Холин ко мне был внимателен, ещё со смогистских времён и до последних своих лет, когда изредка с ним виделись мы в ПЕН-клубе, иногда на общем собрании, иногда на предновогоднем вечере, мероприятиях не больно-то интересных и, в общем, невразумительных.
Он и в старости, надо заметить, держался всегда молодцом.
А в шестидесятых годах, ещё до своих пятидесяти, когда мы общались с ним в гуще событий, чтений, посиделок во всяких салонах, хождений по мастерским, встреч почти деловых и приятельских, был он в полной силе своей, был вполне на месте в столице, — и только молва разносила: «а знаете, Холин сказал», — «а слышали, Холин опять написал такое что просто…» И вмиг — ветерок с говорком кулуарным, непредсказуемым, со смешком, с хохотком, с юморком, с посошком скороспелого слуха полетел по Москве: шу-шу-шу! — с любопытством, с живым интересом, — поскорее узнать бы, когда и где он читать вознамерится свою новую, клёвую вещь!

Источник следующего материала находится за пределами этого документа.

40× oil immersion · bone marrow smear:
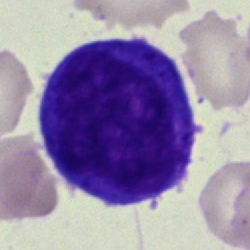 This is a monocyte.
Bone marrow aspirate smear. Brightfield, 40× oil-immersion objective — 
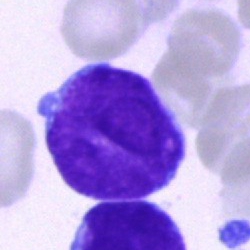

A blast.
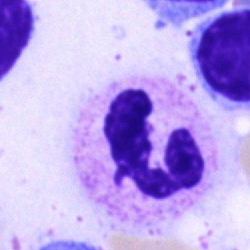Q: What is shown here?
A: Segmented neutrophil.
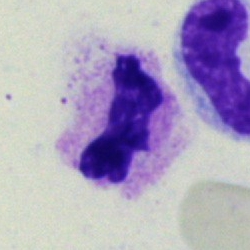
Specimen: bone marrow aspirate smear.
Cell type: segmented neutrophil.
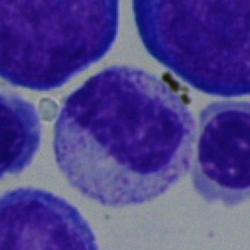A metamyelocyte.
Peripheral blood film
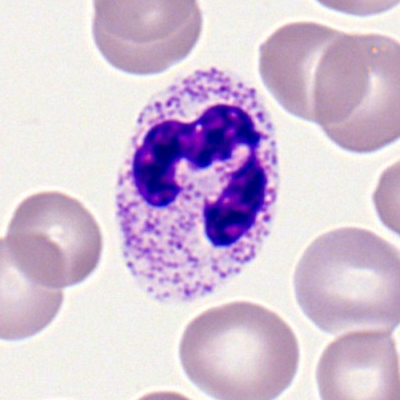
This is a polymorphonuclear neutrophil.
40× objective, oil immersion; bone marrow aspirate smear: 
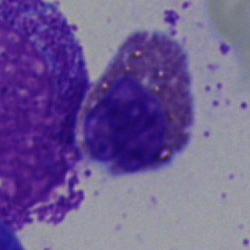

Specimen: bone marrow smear.
Morphological class: eosinophilic granulocyte.
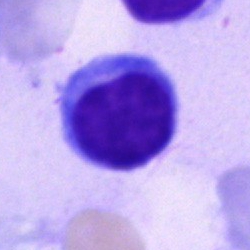 Lymphocyte.
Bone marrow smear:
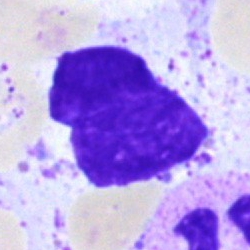
Q: What is shown here?
A: It is an artefact.
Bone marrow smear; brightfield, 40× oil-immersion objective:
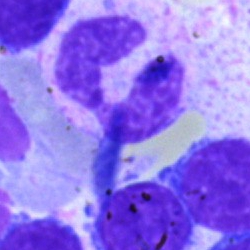
Morphology → neutrophil (segmented).
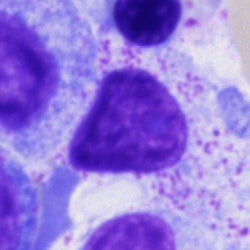
Unidentifiable cell.
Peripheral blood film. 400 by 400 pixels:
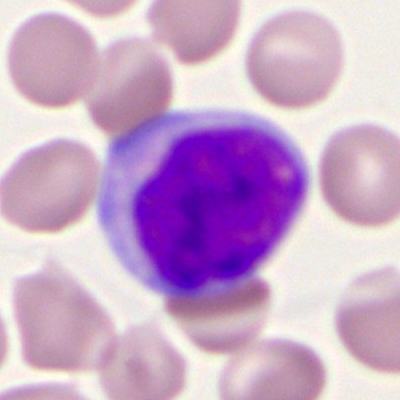Cell = myeloblast.
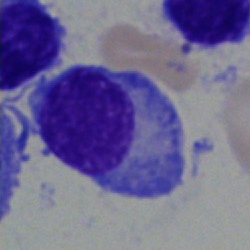 {"cell_type": "plasmacyte"}
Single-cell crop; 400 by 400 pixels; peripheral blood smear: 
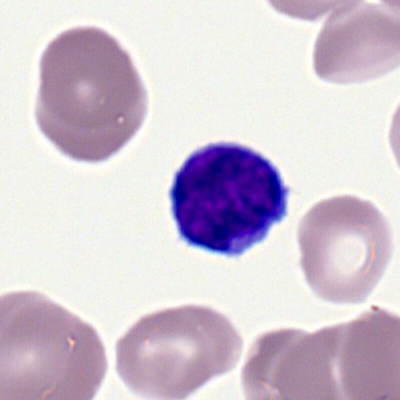Lymphocyte.
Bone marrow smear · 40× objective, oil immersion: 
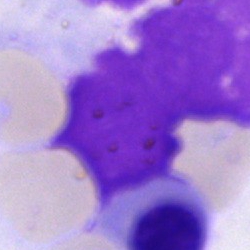The cell shown is an artifact.
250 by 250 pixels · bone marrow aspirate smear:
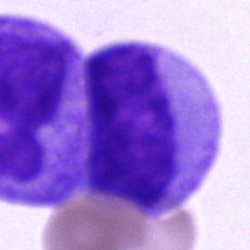Showing a cell of indeterminate lineage.
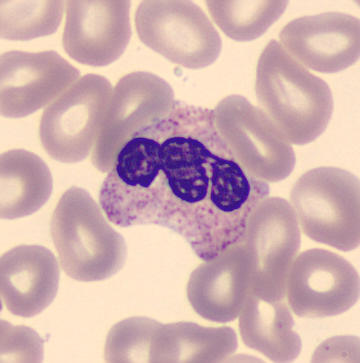
Single cell identified as a polymorphonuclear neutrophil.
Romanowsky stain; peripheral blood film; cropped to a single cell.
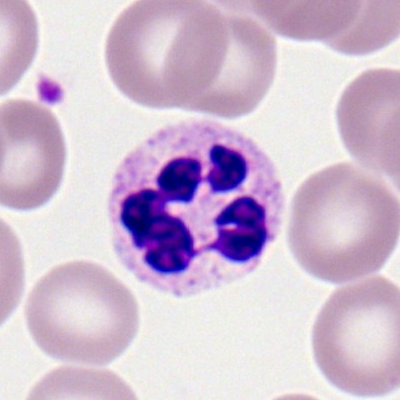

- Как, вы не знаете Холина?
Да, вы его не знаете. Всех он ещё удивит!.. И — удивлял. Озадачивал. Огорашивал даже, бывало. Давал по башке. Мозги встряхивал. Поражал. Холин — чуть ли не монстр? Да что вы?! Холин — мэтр? Постарайтесь сами разобраться. На то он и Холин, чтоб о нём вспоминать иногда. Слышу голос его негромкий. Пусть расслышат его потомки. Озадачатся? Удивятся? Разберутся? Не без труда.